Analyzing the Stack Dump
========================
The Task Stack
--------------
To go further back in the time, you have to analyze the stack. It is a
push down stack so older events are at higher stack addresses; the
most recent things that happened will be at lower stack addresses.
Analyzing the stack is done in basically the same way:
1. Start at the highest stack addresses (oldest) and work forward in
time (lower addresses)
2. Find interesting addresses,
3. Use ``arm-none-eabi-objdump`` to determine where those addresses
are in the code.
An interesting address has these properties:
1. It lies in FLASH in your architecture. In your case these are the
addresses that begin with ``0x1a`` and ``0x1b``. Other
architectures may have different FLASH addresses or even addresses
in RAM.
2. The interesting addresses are all odd for Cortex-M, that is, bit 0
will be set. This is because as the code progresses, the return
address (``R14``) will be pushed on the stack. All of the return
addresses will lie in FLASH and will be odd.
Even FLASH addresses in the stack dump usually are references to
``.rodata`` in FLASH but are sometimes of interest as well. Below are
examples of interesting addresses (in brackets):
.. code-block:: console
sp: 10005e50
User stack:
base: 10005ed8
size: 00000f9c
10005e40: 00000000 00000000 00000000 [1b02d587] 10004900 00000000 005b8d7f 00000000
10005e60: 1a030f2e 00000000 00000000 00001388 00000000 00000005 10001994 00000000
10005e80: 00000000 00000000 00000000 [1b02c359] 00000000 00000000 00000000 004c4b40
10005ea0: 000002ff 00000000 00000000 [1a030f2f] 00000000 00000000 00000000 00000000
10005ec0: 00000000 [1a030f41] 00000000 [1b02c2a5] 00000000 00000000 ffffffff 00bdeb39
That will give the full backtrace up to the point of the failure.
The Interrupt Stack
-------------------
Note that in some cases there are two stacks listed. The interrupt
stack will be present if (1) the interrupt stack is enabled, and (2)
you are in an interrupt handler at the time that the failure occurred:
.. code-block:: console
Assertion failed at file:armv7-m/up_hardfault.c line: 184 task: hpwork
sp: 10001eb4
IRQ stack:
base: 10001f00
size: 000003fc
10001ea0: [1b02d961] 1b03f07e 10001eb4 10005ed8 1a0312ab 1b03f600 000000b8 [1b02d961]
10001ec0: 00000010 10001f40 00000003 00000000 [1a03721d] [1a037209] [1b02d93b] 00000000
10001ee0: [1a0371f5] 00000000 00000000 00000000 00000000 00000000 [1a0314a5] 10005d7c
(Interesting addresses again in brackets).

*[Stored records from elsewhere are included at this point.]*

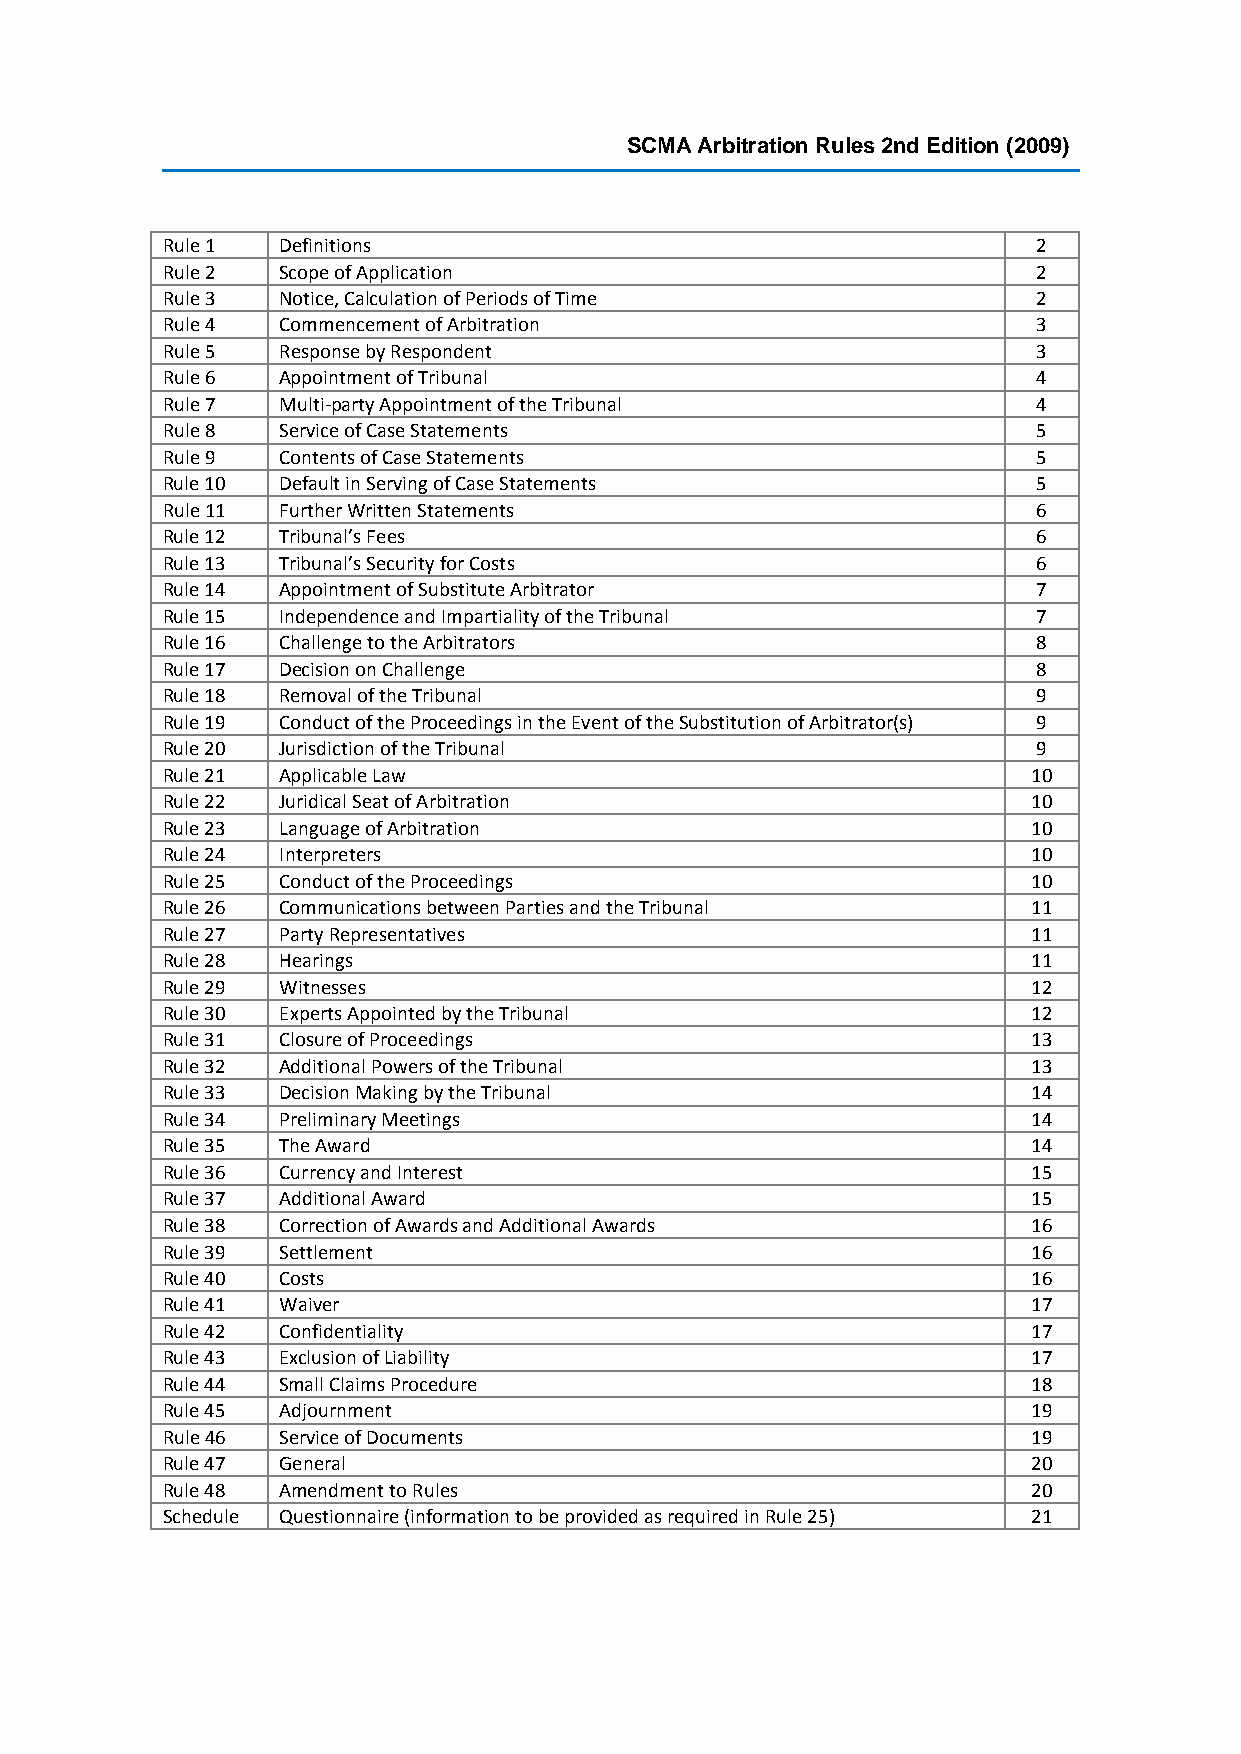
SCMA Arbitration Rules 2nd Edition (2009)
 Rule 1 Definitions                                        2
 Rule 2 Scope of Application                               2
 Rule 3 Notice, Calculation of Periods of Time             2
 Rule 4 Commencement of Arbitration                        3
 Rule 5 Response by Respondent                             3
 Rule 6 Appointment of Tribunal                            4
 Rule 7 Multi-party Appointment of the Tribunal            4
 Rule 8 Service of Case Statements                         5
 Rule 9 Contents of Case Statements                        5
 Rule 10 Default in Serving of Case Statements             5
 Rule 11 Further Written Statements                        6
 Rule 12 Tribunal’s Fees                                   6
 Rule 13 Tribunal’s Security for Costs                     6
 Rule 14 Appointment of Substitute Arbitrator              7
 Rule 15 Independence and Impartiality of the Tribunal     7
 Rule 16 Challenge to the Arbitrators                      8
 Rule 17 Decision on Challenge                             8
 Rule 18 Removal of the Tribunal                           9
 Rule 19 Conduct of the Proceedings in the Event of the Substitution of Arbitrator(s) 9
 Rule 20 Jurisdiction of the Tribunal                      9
 Rule 21 Applicable Law                                   10
 Rule 22 Juridical Seat of Arbitration                    10
 Rule 23 Language of Arbitration                          10
 Rule 24 Interpreters                                     10
 Rule 25 Conduct of the Proceedings                       10
 Rule 26 Communications between Parties and the Tribunal  11
 Rule 27 Party Representatives                            11
 Rule 28 Hearings                                         11
 Rule 29 Witnesses                                        12
 Rule 30 Experts Appointed by the Tribunal                12
 Rule 31 Closure of Proceedings                           13
 Rule 32 Additional Powers of the Tribunal                13
 Rule 33 Decision Making by the Tribunal                  14
 Rule 34 Preliminary Meetings                             14
 Rule 35 The Award                                        14
 Rule 36 Currency and Interest                            15
 Rule 37 Additional Award                                 15
 Rule 38 Correction of Awards and Additional Awards       16
 Rule 39 Settlement                                       16
 Rule 40 Costs                                            16
 Rule 41 Waiver                                           17
 Rule 42 Confidentiality                                  17
 Rule 43 Exclusion of Liability                           17
 Rule 44 Small Claims Procedure                           18
 Rule 45 Adjournment                                      19
 Rule 46 Service of Documents                             19
 Rule 47 General                                          20
 Rule 48 Amendment to Rules                               20
 Schedule Questionnaire (information to be provided as required in Rule 25) 21
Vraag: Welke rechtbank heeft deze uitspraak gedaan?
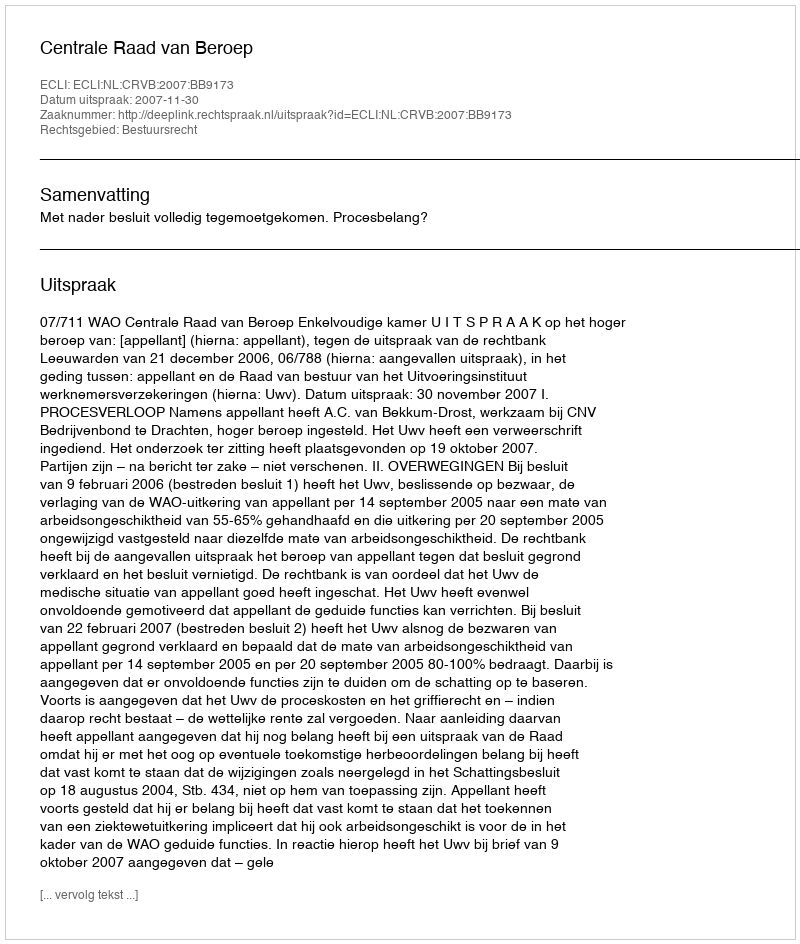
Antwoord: Centrale Raad van Beroep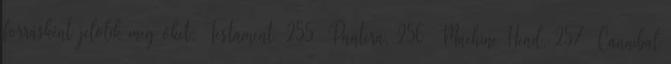
forrásként jelölik meg őket: Testament, 255 Pantera, 256 Machine Head, 257 Cannibal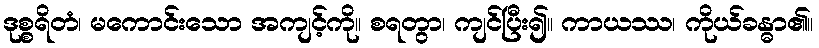
ဒုစ္စရိတံ၊ မကောင်းသော အကျင့်ကို။ စရတွာ၊ ကျင်ပြီး၍။ ကာယဿ၊ ကိုယ်ခန္ဓာ၏။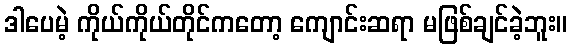
ဒါပေမဲ့ ကိုယ်ကိုယ်တိုင်ကတော့ ကျောင်းဆရာ မဖြစ်ချင်ခဲ့ဘူး။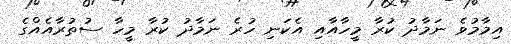
އިމާމުވެ ނަމާދު ކުރާ މީހާއާއި އެކަނި ހުރެ ނަމާދު ކުރާ މީހާ ސުތުރާއެއްގެ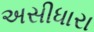
અસીધારા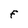
Character: F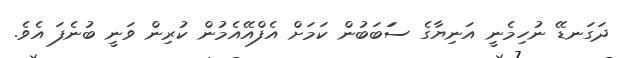
ދަގަނޑޭ ނުހިމެނީ އަނިޔާގެ ސަަބަބުން ކަމަށް އެފްއޭއެމުން ކުރިން ވަނީ ބުނެފަ އެވެ.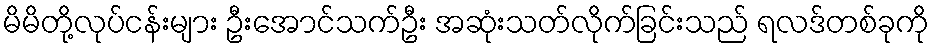
မိမိတို့လုပ်ငန်းများ ဦးအောင်သက်ဦး အဆုံးသတ်လိုက်ခြင်းသည် ရလဒ်တစ်ခုကို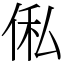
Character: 俬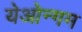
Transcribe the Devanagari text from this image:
येओन्गम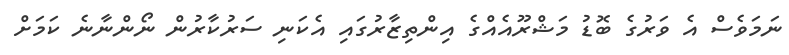
ނަމަވެސް އެ ވަރުގެ ބޮޑު މަޝްރޫއެއްގެ އިންތިޒާރުގައި އެކަނި ސަރުކާރުން ނޯންނާނެ ކަމަށް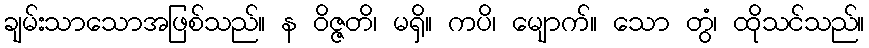
ချမ်းသာသောအဖြစ်သည်။ န ဝိဇ္ဇတိ၊ မရှိ။ ကပိ၊ မျောက်။ သော တွံ၊ ထိုသင်သည်။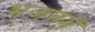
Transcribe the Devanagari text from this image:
भजनमें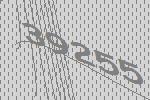
39255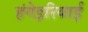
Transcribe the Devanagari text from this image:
हंगेइरियाई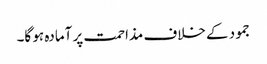
جمود کے خلاف مذاحمت پر آمادہ ہو گا۔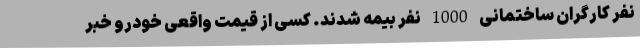
نفر کارگران ساختمانی 1000 نفر بیمه شدند. کسی از قیمت واقعی خودرو خبر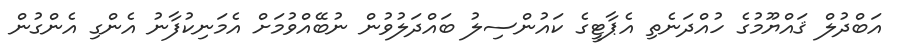
އަބްދުލް ޤައްޔޫމުގެ ހުއްދަނެތި އެޕާޓީގެ ކައުންސިލު ބައްދަލުވުން ނުބޭއްވުމަށް އެމަނިކުފާނު އެންގި އެންގުން
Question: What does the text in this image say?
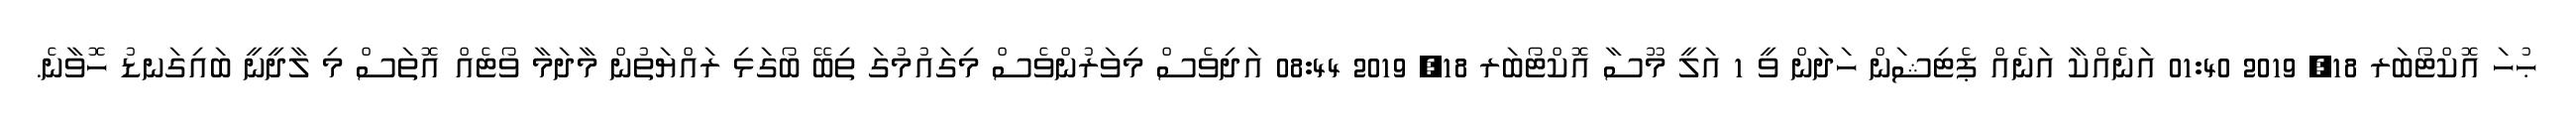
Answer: ޙުހަ އޮކްޓޯބަރ 18, 2019 01:40 އަނެއްކާ އަނެއް ޕެޓިޝަން ހަދަން ވީ 1 އަލީ މޫސާ އޮކްޓޯބަރ 18, 2019 08:44 އަދިވެސް މިވަރުންވެސް މިގައުމުގަ ތިބޭ ބޯގަޅި ރައްޔަތުން މާދަމާ ވޯޓެއް އޮތަސް މި ލާދީނީ ބައިގަނޑު ހޮވާނެ.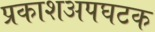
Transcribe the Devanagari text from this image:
प्रकाशअपघटक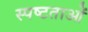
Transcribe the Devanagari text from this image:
स्पष्टताओं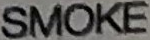
SMOKE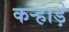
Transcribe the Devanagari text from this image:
कऱ्हाड़े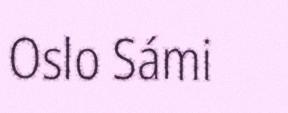
Oslo Sámi

The interrupt stack is sometimes interesting, for example when the
interrupt was caused by logic operating at the interrupt level. In
this case, it is probably not so interesting since fault was probably
caused by normal task code and the interrupt stack probably just shows
the normal operation of the interrupt handling logic.
Full Stack Analysis
-------------------
What I have proposed here is just skimming through the stack, finding
and interpreting interesting addresses. Sometimes you need more
information and you need to analyze the stack in more detail. That is
also possible because every word on the stack is there because of an
explicit push instruction in the code (usually a push instruction on
Cortex-M or an stmdb instruction in other ARM architectures). This is
painstaking work but can also be done to provide a more detailed
answer to "what happened?"
Recovering State at the Time of the Hardfault
=============================================
Here is another tip from Mike Smith:
.. epigraph::
"... for systems like NuttX where catching hardfaults is difficult,
you can recover the faulting PC, LR and SP (by examining the
exception stack), then write these values back into the appropriate
processor registers (adjust the PC as necessary for the fault).
"This will put you back in the application code at the point at
which the fault occurred. Some local variables will show as having
invalid values (because at the time of the fault they were live in
registers and have been overwritten by the exception handler), but
the stack frame, function arguments etc. should all show correctly."